Fall Creek Vineyards 2017 Release Tasting: Texas IS Big… And, Can Grow Lots of Grape Varieties!
Most people know it is a not an understatement when they say, “Texas is a BIG place.” In fact, in wine terms, Texas is actually larger than the whole country of France. However, many of these same people when talking about wines produced in Texas ask, “What’s the best grape for Texas wine?” Would they dare say the same thing about France”? Chances are that the answers to the best Texas grape question would be either Viognier and Tempranillo. But, the results of this tasting might make you think again.
In Houston this week, I had a tasting of new Fall Creek Vineyards 2017 releases with owners Susan and Ed Auler and Fall Creek Vineyards Director of Winemaking Sergio Cuadra. For those people referenced at the top of this post, the two grape varieties in the tasting (Sauvignon Blanc and Chardonnay) would likely be a surprise. Texas does seem to have made a shift toward Southern European grapes like Viognier and Tempranillo. However, please remember Texas IS a big place and there are places within our boundaries, in particular vintages, and with growing/winemaking techniques applied under the watchful eye of a seasoned world class winemaker like Cuadra that can even bring Sauvignon Blanc and Chardonnay into the limelight. This actual was the case in the results of the Houston Rodeo International Wine Competition nearly a year ago when a Fall Creek Chardonnay (like one is this tasting) won the bragging rights to the Best White Wine in the whole dang competition of more than 3000 worldwide entries.

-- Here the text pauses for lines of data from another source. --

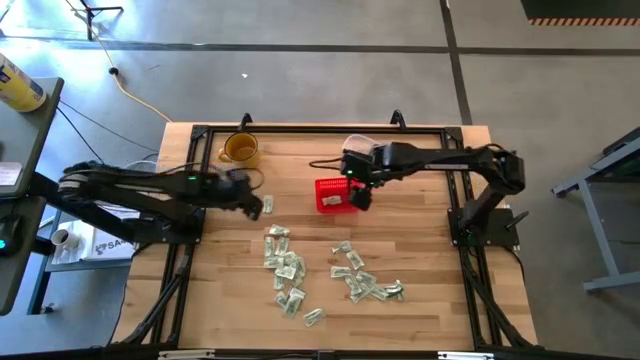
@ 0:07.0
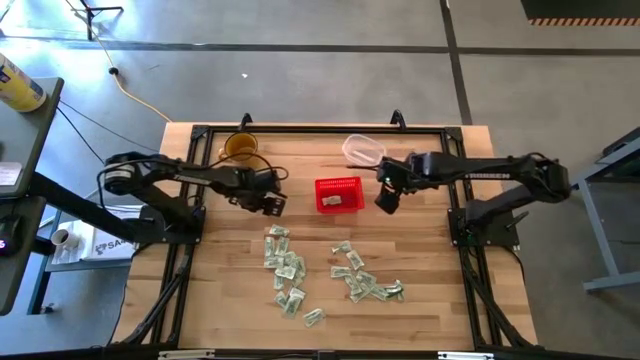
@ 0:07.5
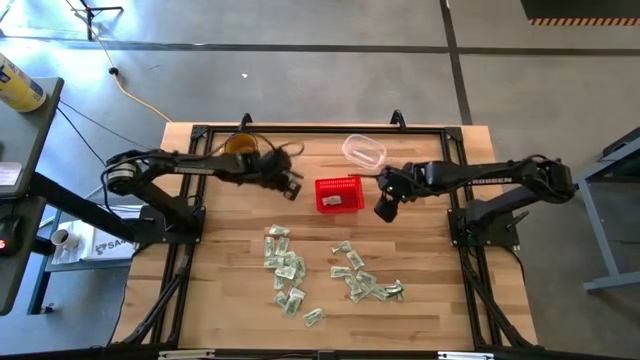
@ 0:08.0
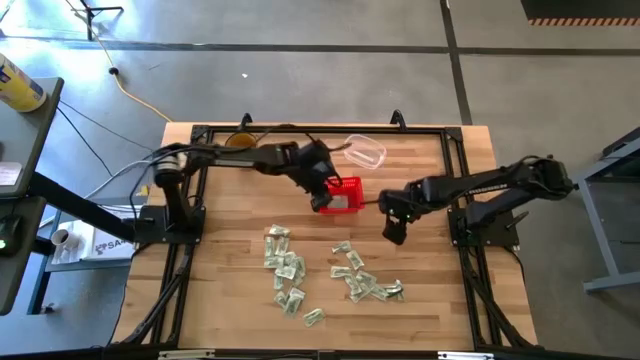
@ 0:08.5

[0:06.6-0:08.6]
Task: Pick and place items into bin
Put the white packet into the red basket

This week we met at Houston’s Café Annie for the tasting. The 2016 Sauvignon Blanc (Escondido Valley sourced) and the 2014 Chardonnay (Alfonso and Martha Dotson’s Certenberg Vineyards sourced) were both splendid examples of crisp refreshing wines, offered in both stainless steel (no oak) and sensibly and deliciously oaked versions.
2016 Fall Creek Sauvignon Blanc (Texas) – Made without oak, light and bright with notes of lemon-lime and dry limestone minerals.

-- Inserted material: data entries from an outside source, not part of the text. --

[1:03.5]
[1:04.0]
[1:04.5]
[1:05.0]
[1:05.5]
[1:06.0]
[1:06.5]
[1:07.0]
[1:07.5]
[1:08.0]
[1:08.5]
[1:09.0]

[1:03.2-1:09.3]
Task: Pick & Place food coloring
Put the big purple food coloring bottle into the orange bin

2016 Fall Creek Sauvignon Blanc (Escondido Valley) – Made with a light mix of American and French oak, deeper in color, texture and pineapple/vanilla flavors.

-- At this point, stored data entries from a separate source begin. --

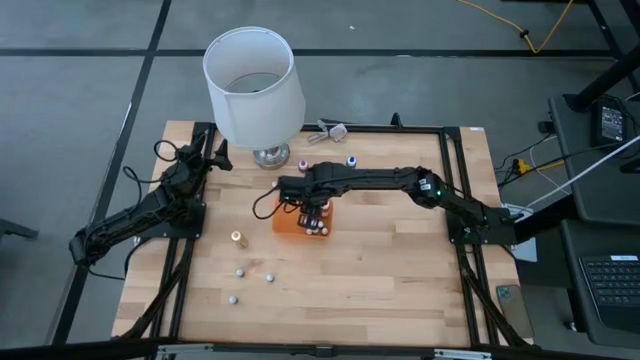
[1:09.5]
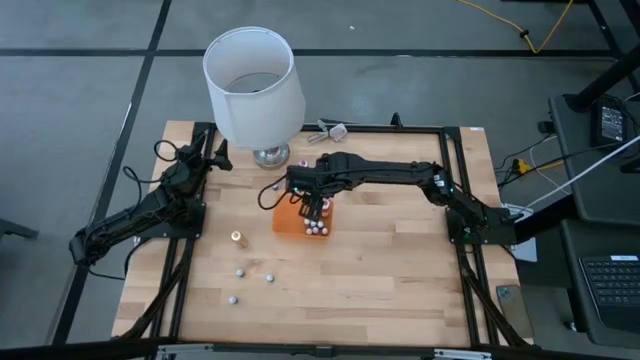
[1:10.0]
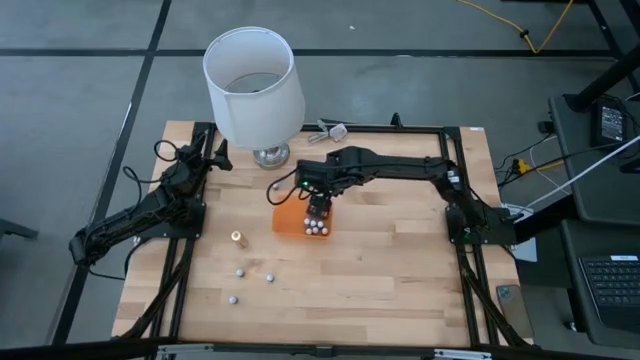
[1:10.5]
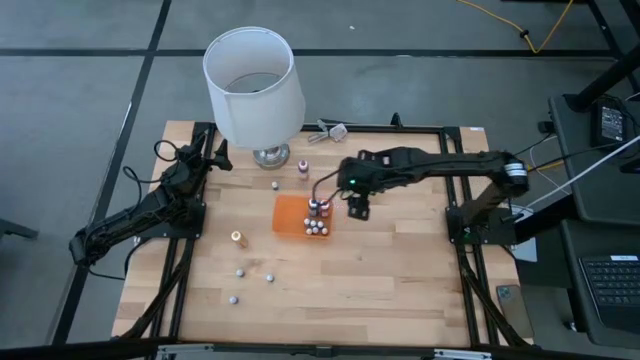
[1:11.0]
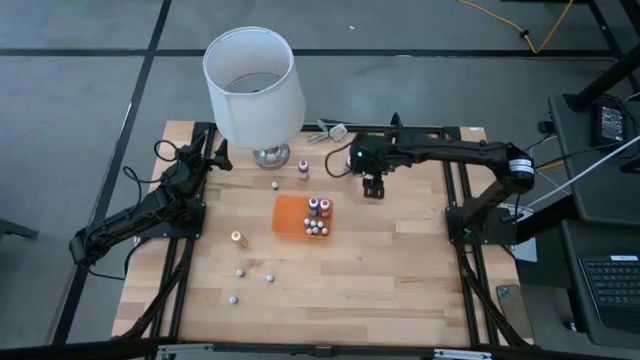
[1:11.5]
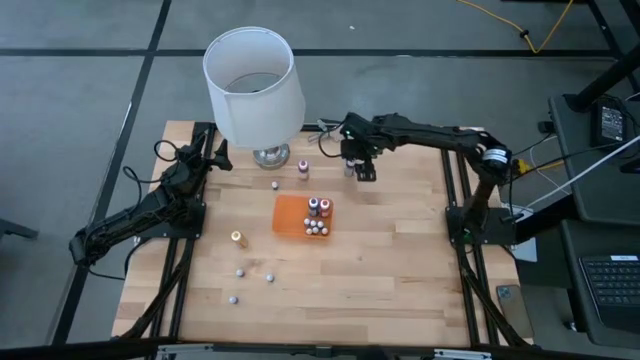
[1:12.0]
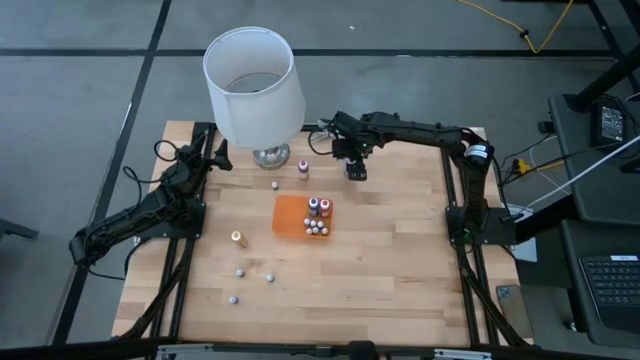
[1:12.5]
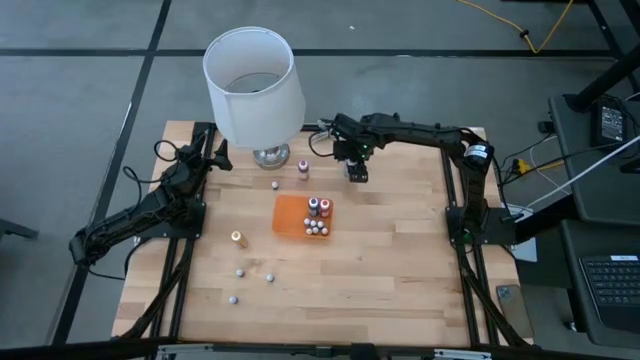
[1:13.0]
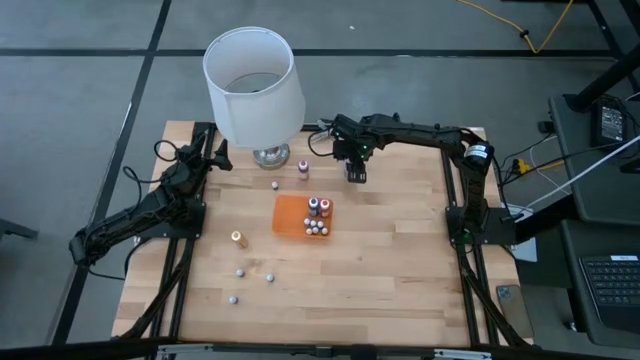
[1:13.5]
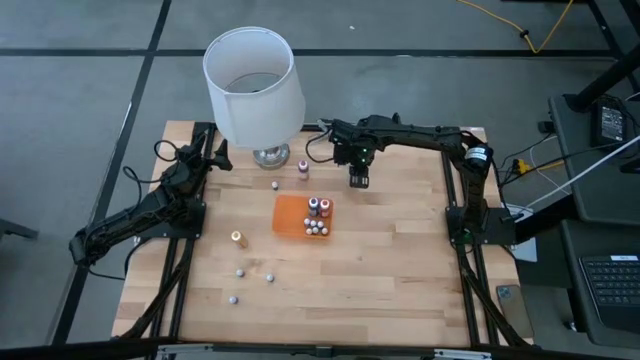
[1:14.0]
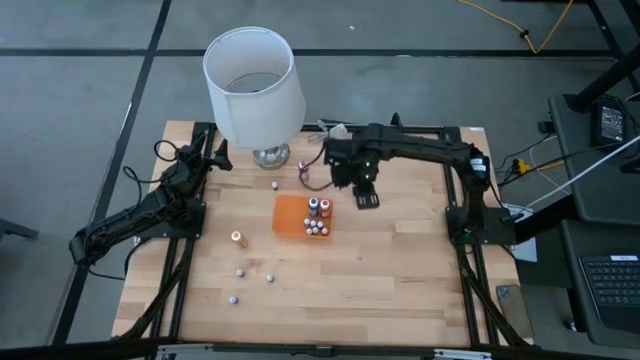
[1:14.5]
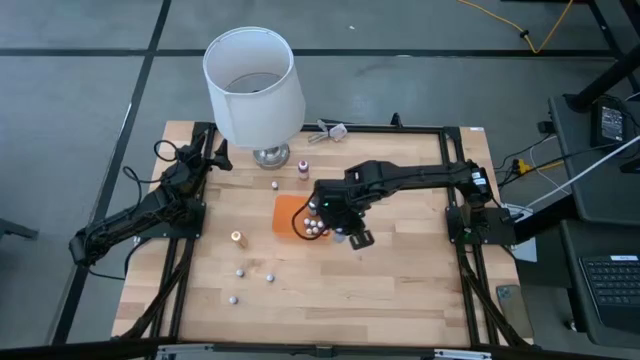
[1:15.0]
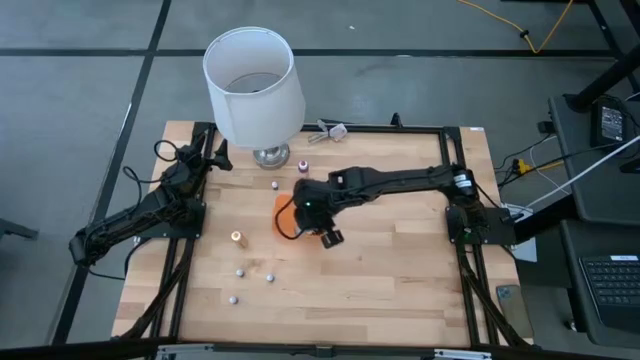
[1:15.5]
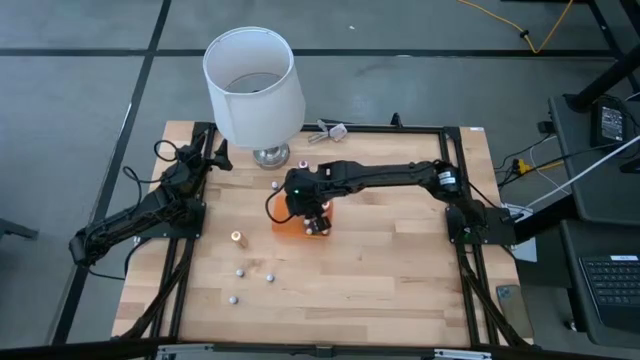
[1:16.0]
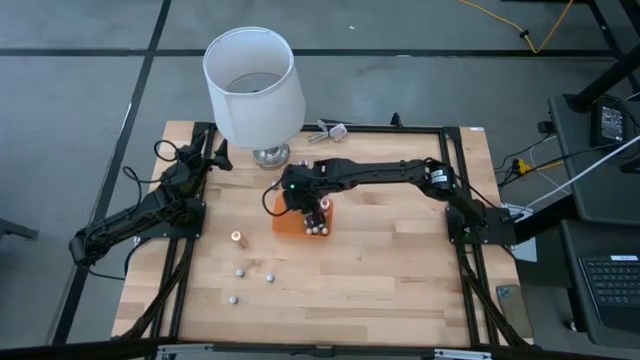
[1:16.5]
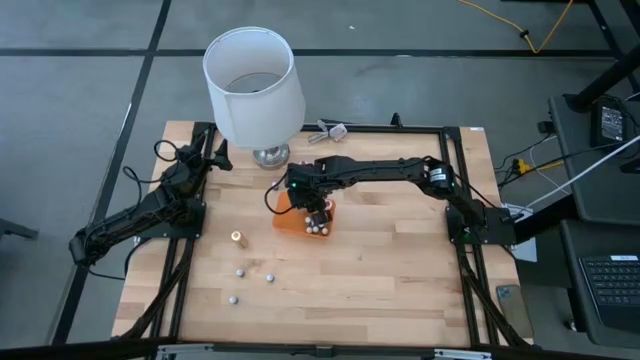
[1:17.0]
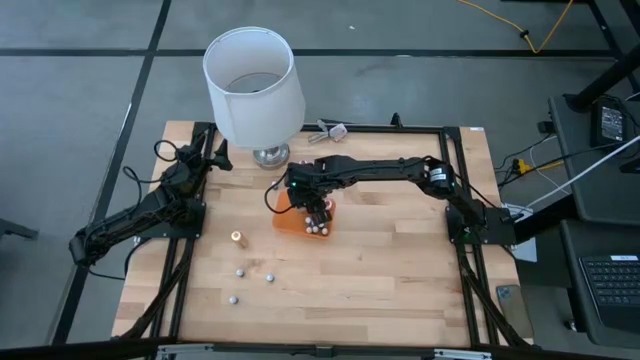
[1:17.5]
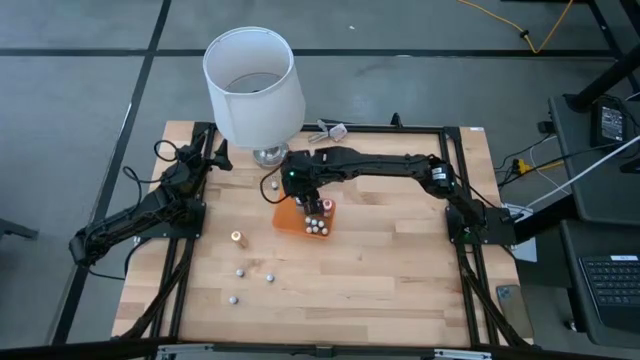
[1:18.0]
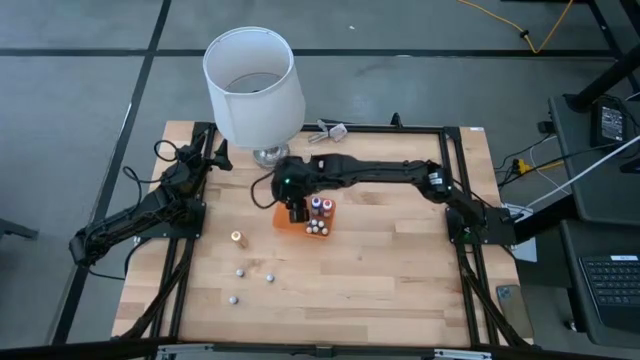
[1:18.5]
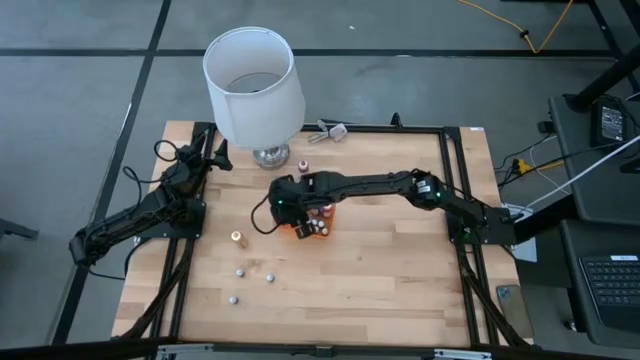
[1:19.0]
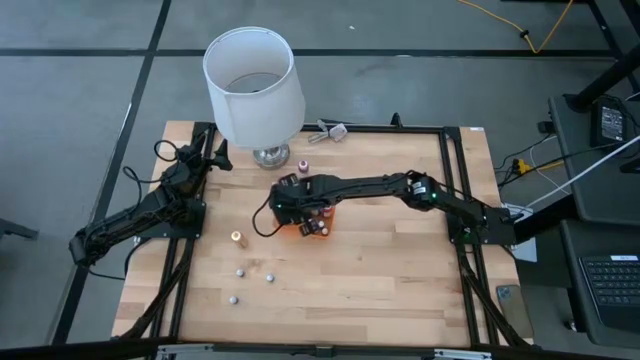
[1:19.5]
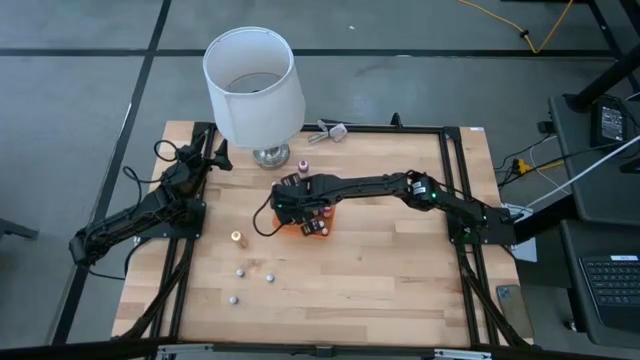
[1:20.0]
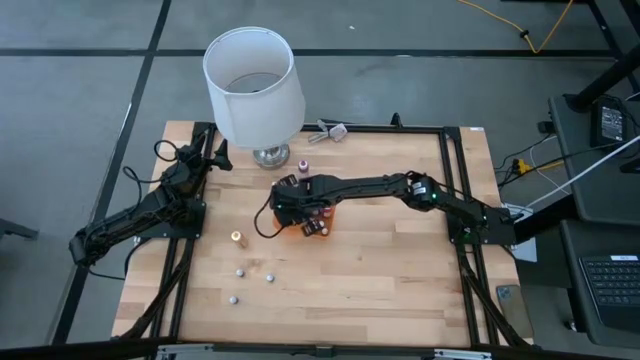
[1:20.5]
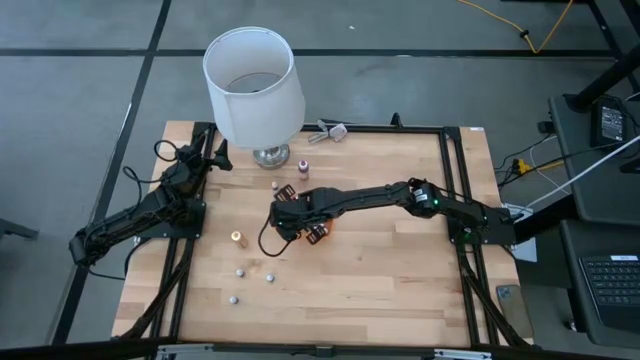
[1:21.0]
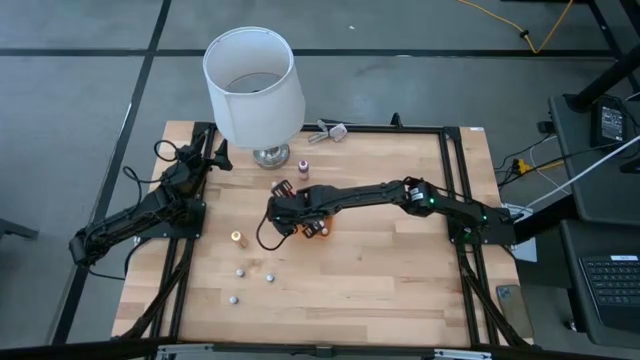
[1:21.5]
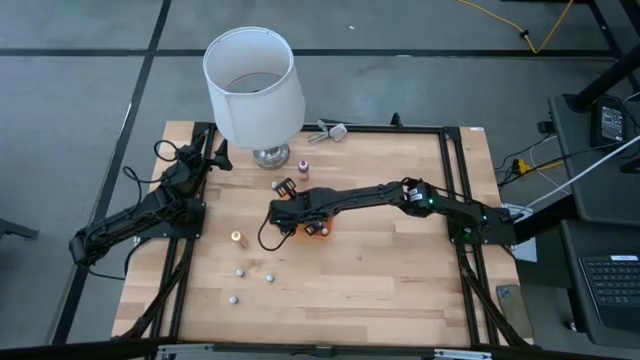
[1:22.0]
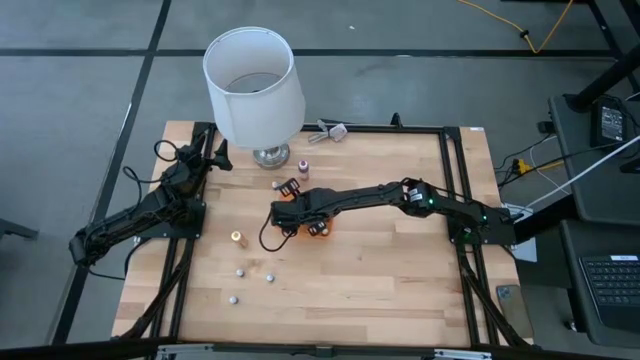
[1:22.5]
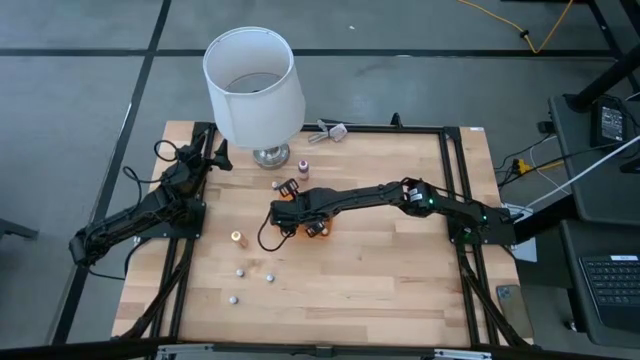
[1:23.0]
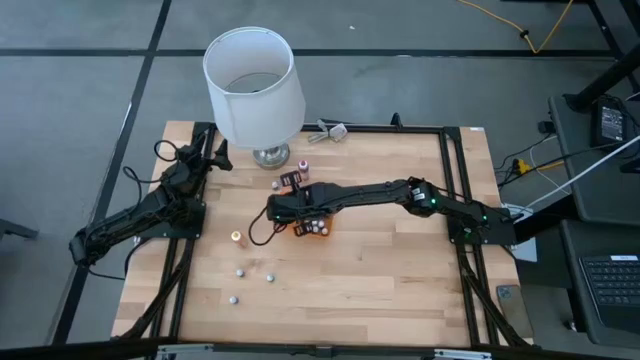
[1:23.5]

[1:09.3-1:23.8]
Put the big blue food coloring bottle into the orange bin

2015 Fall Creek Chardonnay, Vintner’s Selection Series, (Texas Hill Country) – Aged sur lie (with remaining yeast after fermentation), offers lemon zest and toasty brioche.
2015 Fall Creek Chardonnay, Terroir Reflections Series, Chardonnay, Certenberg Vineyards (Texas Hill Country) – Aged 16 months in French oaks, big on lemon, baked yellow apples, brioche, palate texture and a minerally finish.
I recommend both of these oaked-whites especially to those that say, “I don’t like oaked white wines”. With Sergio Cuadra’s experience and knowledge of age old Burgundian techniques, these wines offer finesse, flavor and light aromatics, characteristics usually only seen in fine French white burgundies.
This foray into white wines was followed by two red wines of superior quality and characteristics.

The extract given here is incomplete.